In plain English, using the Quorum Sensing technique, the bacteria interact as though they ‘discuss’ amongst themselves which adaptation technique might lead to their survival under unfavourable conditions. “Presumably, this is one of the ways how the cholera bacteria survive the attack by phages until the next peak season,” says Dr Faruque.
Since maintaining constantly elevated defence is energy consuming, bacteria choose to use this system only when they are at high cell density and hence more likely to be found by invading phages.
Earlier research has shown that the cholera bacteria found in the environment and also from infected patients’ stool are densely clumped, which indicates that a similar mechanism of phage defence may be active inside the bodies of cholera patients as well.

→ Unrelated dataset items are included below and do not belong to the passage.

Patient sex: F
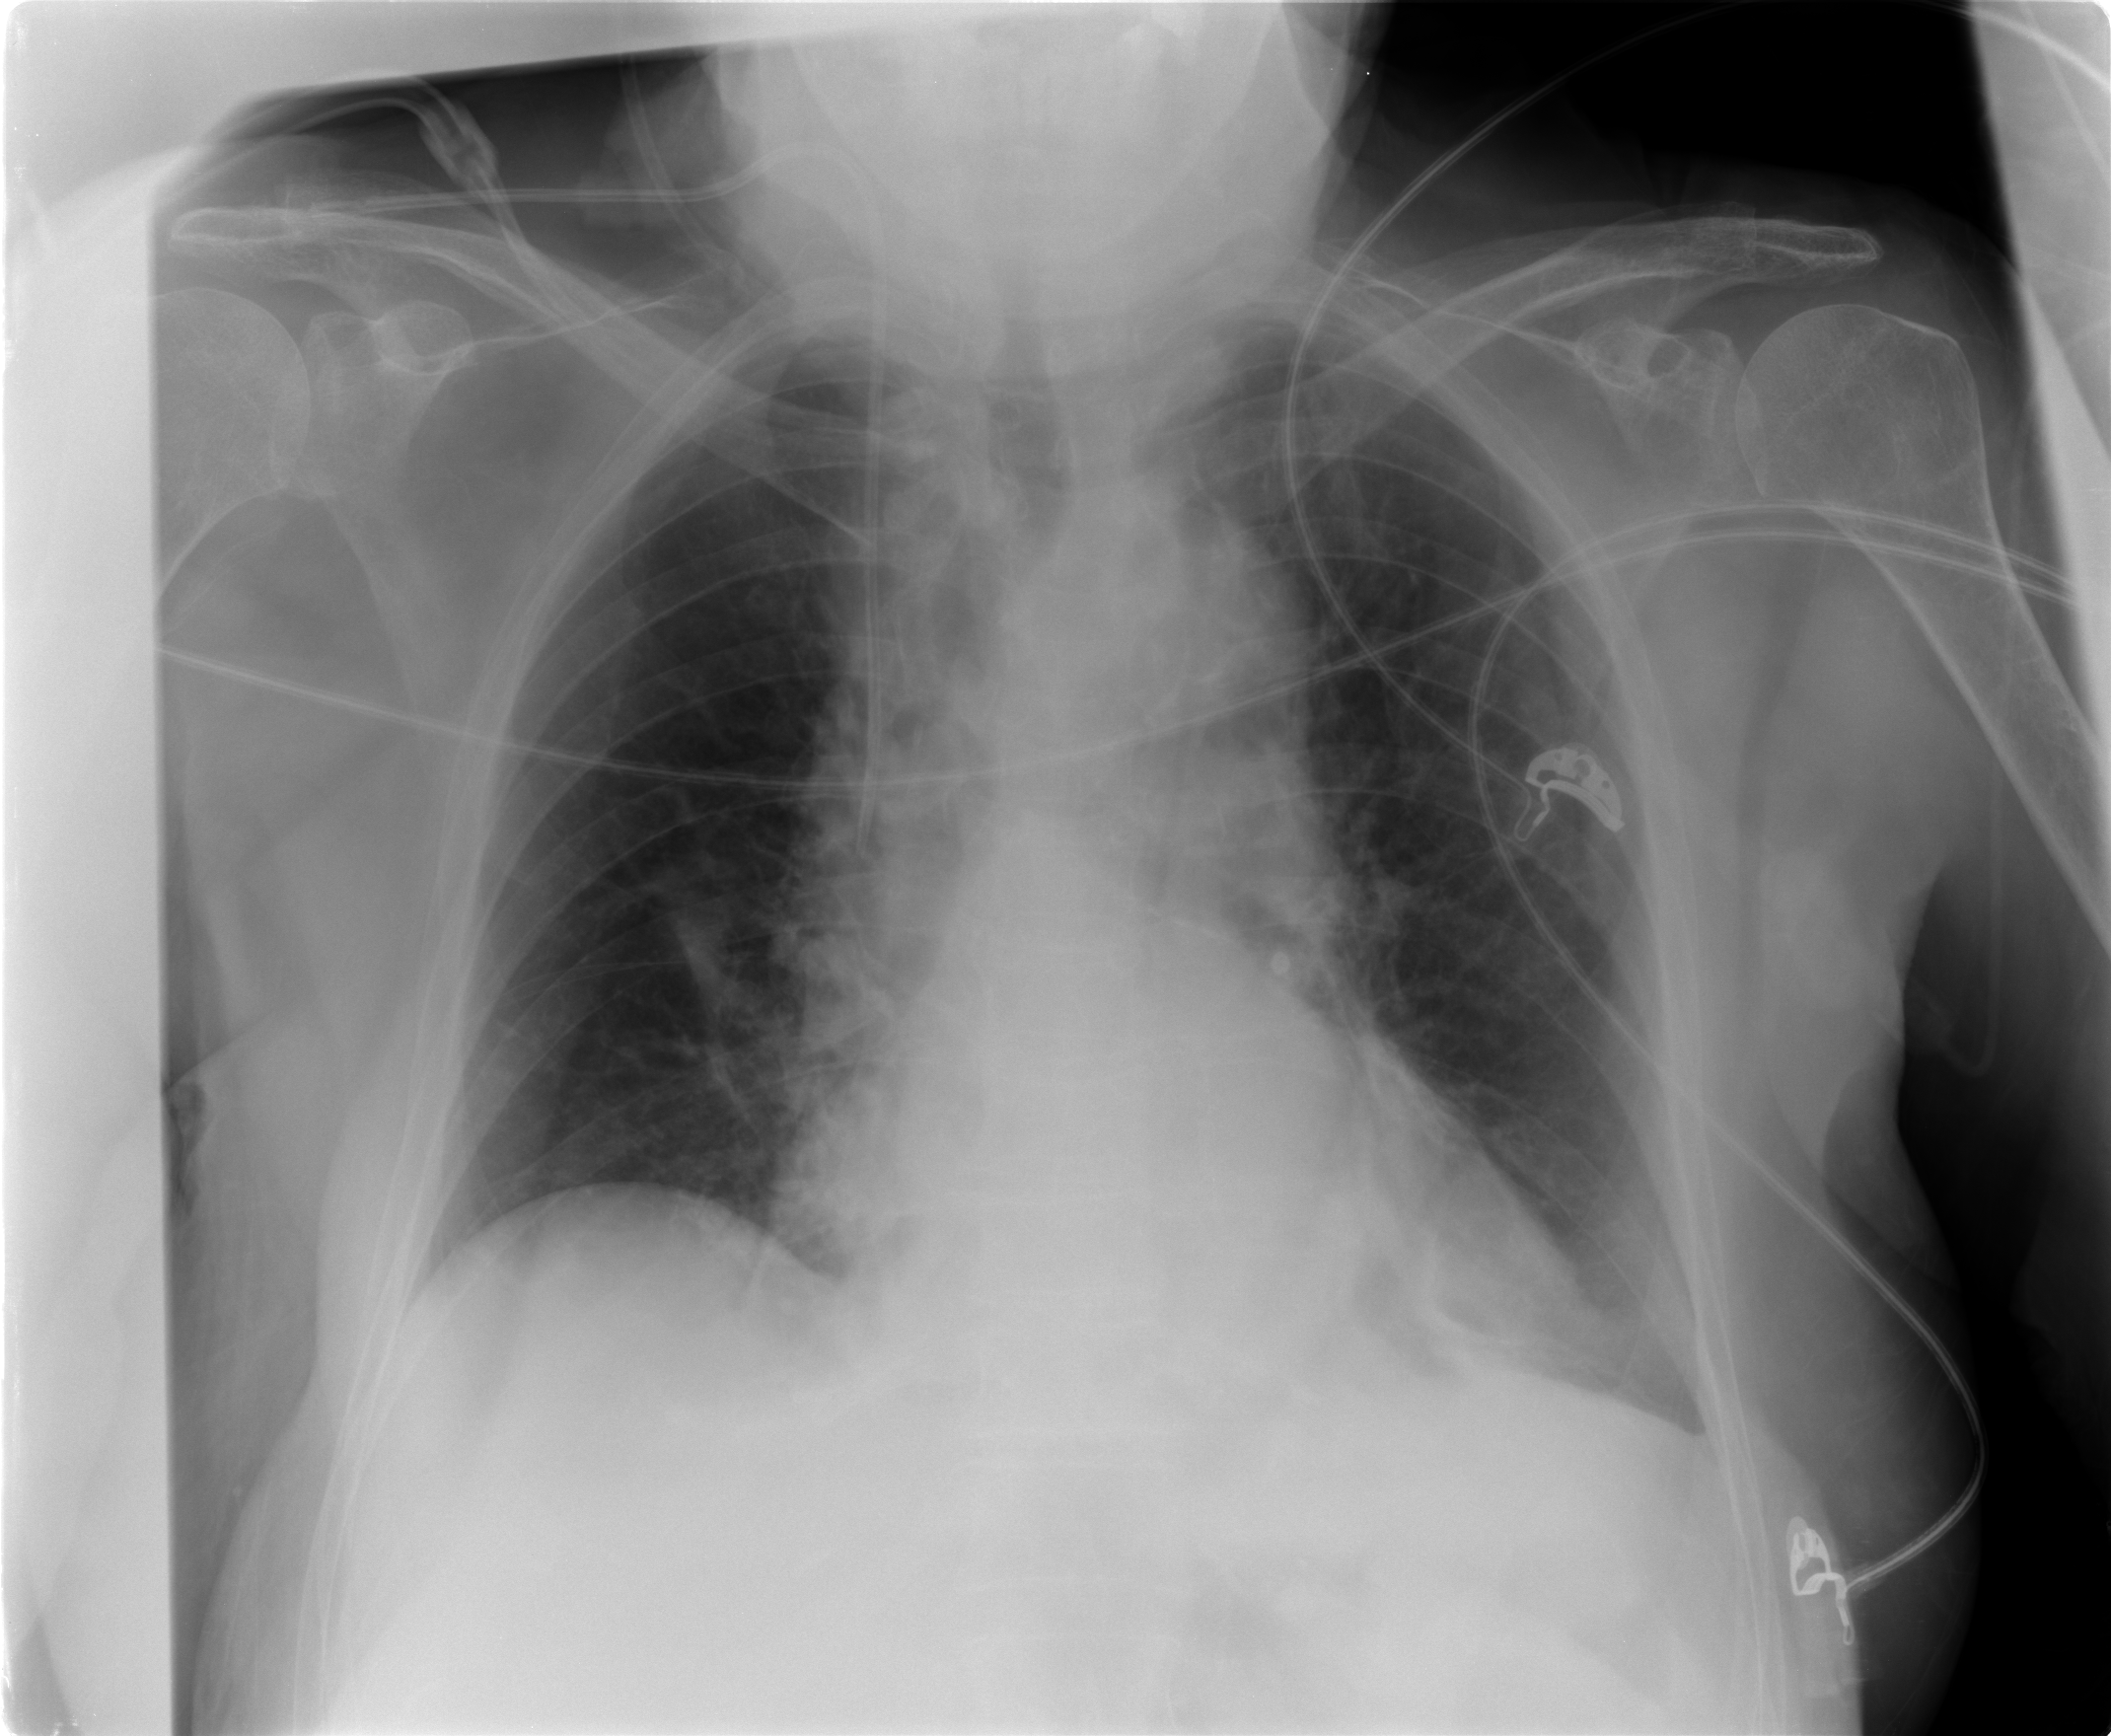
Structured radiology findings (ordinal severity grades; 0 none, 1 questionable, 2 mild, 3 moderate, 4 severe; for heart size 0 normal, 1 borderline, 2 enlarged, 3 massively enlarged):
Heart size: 1
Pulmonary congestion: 0
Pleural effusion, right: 0
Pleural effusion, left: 1
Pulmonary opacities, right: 0
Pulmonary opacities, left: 0
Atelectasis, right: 0
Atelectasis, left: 1

This original research done in icddr,b was funded primarily by the Wellcome Trust grant awarded to Dr Shah Faruque and in part by National Institutes of Health (NIH) grant sub-award by the Harvard Medical School and with core support from the Governments of Bangladesh, Canada, Sweden and the UK.
Insights for preventing Cholera in the environment
The icddr,b study also looked at the biological effects of autoinducers, chemicals that the bacteria secrete to communicate with each other during quorum sensing. The study shows that certain of these molecules enhance the bacteria’s resistance against vibriophages in a number of ways.
Using Quorum Sensing, the bacteria can inactivate the vibriophages and at the same time enhance the development of phage-resistant cholera bacteria.
How is this insight useful?
Dr Faruque explains, “As we now know what induces the defence created by the bacteria in the environment and in cholera patients, future research could focus on using this knowledge as a leverage to weaken the defence and hopefully control or tone down cholera outbreaks.”
Insights for Phage therapy
Using naturally occurring phages against bacterial infections is known as ‘phage-therapy'. Given the evergrowing problem of antibiotic resistance, phage therapy offers a potential alternative to antibiotics for treating bacterial infections. “Since the phages are enemies of bacteria, earlier researches have tried to investigate whether phages could be used as a treatment for bacterial infections but these did not always prove to be sufficiently effective.”
“With the new insight, we know which of these signalling chemicals strengthen the defence created by the bacteria,” notes Dr Faruque. It may have future implications for research. “Chemicals that can neutralize the quorum sensing signal molecules could be coupled with phages while treating bacterial infections in patient and this might lead to better cure for bacterial infections,” anticipates Dr Faruque.
* Citation: Hoque MM, Naser IB, Bari SM, Zhu J, Mekalanos JJ, Faruque SM. quorum regulated resistance of Vibrio cholerae against environmental bacteriophages. Sci. Rep. 2016; 6:37956. doi: 10.1038/srep37956.